→ Your assignment: Restate the entries word for word, leaving nothing out.

(Stored entries)

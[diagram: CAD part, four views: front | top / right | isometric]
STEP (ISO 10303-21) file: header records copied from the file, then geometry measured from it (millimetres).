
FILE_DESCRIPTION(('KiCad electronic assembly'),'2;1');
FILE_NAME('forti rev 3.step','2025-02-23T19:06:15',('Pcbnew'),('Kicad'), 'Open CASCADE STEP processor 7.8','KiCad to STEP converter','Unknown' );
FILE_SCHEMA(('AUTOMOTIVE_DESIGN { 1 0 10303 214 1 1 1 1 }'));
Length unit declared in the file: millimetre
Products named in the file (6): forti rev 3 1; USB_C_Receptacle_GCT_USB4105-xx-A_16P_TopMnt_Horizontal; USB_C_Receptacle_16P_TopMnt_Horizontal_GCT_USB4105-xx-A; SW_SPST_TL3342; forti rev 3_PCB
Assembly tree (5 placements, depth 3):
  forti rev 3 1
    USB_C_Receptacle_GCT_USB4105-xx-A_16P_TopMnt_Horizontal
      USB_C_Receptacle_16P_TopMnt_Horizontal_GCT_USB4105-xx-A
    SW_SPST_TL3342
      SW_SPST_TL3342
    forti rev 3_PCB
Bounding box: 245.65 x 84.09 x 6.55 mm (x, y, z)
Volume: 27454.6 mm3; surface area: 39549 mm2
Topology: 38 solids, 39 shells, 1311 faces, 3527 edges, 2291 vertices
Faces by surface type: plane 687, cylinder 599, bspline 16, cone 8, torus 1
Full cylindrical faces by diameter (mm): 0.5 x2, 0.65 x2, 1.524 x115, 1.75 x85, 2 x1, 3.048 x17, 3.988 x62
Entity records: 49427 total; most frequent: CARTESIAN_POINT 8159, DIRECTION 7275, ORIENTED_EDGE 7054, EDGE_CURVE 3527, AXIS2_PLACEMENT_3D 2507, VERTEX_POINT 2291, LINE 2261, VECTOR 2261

→ Completed exercise:
[diagram: CAD part, four views: front | top / right | isometric]
STEP (ISO 10303-21) file: header records copied from the file, then geometry measured from it (millimetres).
FILE_DESCRIPTION(('KiCad electronic assembly'),'2;1');
FILE_NAME('forti rev 3.step','2025-02-23T19:06:15',('Pcbnew'),('Kicad'), 'Open CASCADE STEP processor 7.8','KiCad to STEP converter','Unknown' );
FILE_SCHEMA(('AUTOMOTIVE_DESIGN { 1 0 10303 214 1 1 1 1 }'));
Length unit declared in the file: millimetre
Products named in the file (6): forti rev 3 1; USB_C_Receptacle_GCT_USB4105-xx-A_16P_TopMnt_Horizontal; USB_C_Receptacle_16P_TopMnt_Horizontal_GCT_USB4105-xx-A; SW_SPST_TL3342; forti rev 3_PCB
Assembly tree (5 placements, depth 3):
  forti rev 3 1
    USB_C_Receptacle_GCT_USB4105-xx-A_16P_TopMnt_Horizontal
      USB_C_Receptacle_16P_TopMnt_Horizontal_GCT_USB4105-xx-A
    SW_SPST_TL3342
      SW_SPST_TL3342
    forti rev 3_PCB
Bounding box: 245.65 x 84.09 x 6.55 mm (x, y, z)
Volume: 27454.6 mm3; surface area: 39549 mm2
Topology: 38 solids, 39 shells, 1311 faces, 3527 edges, 2291 vertices
Faces by surface type: plane 687, cylinder 599, bspline 16, cone 8, torus 1
Full cylindrical faces by diameter (mm): 0.5 x2, 0.65 x2, 1.524 x115, 1.75 x85, 2 x1, 3.048 x17, 3.988 x62
Entity records: 49427 total; most frequent: CARTESIAN_POINT 8159, DIRECTION 7275, ORIENTED_EDGE 7054, EDGE_CURVE 3527, AXIS2_PLACEMENT_3D 2507, VERTEX_POINT 2291, LINE 2261, VECTOR 2261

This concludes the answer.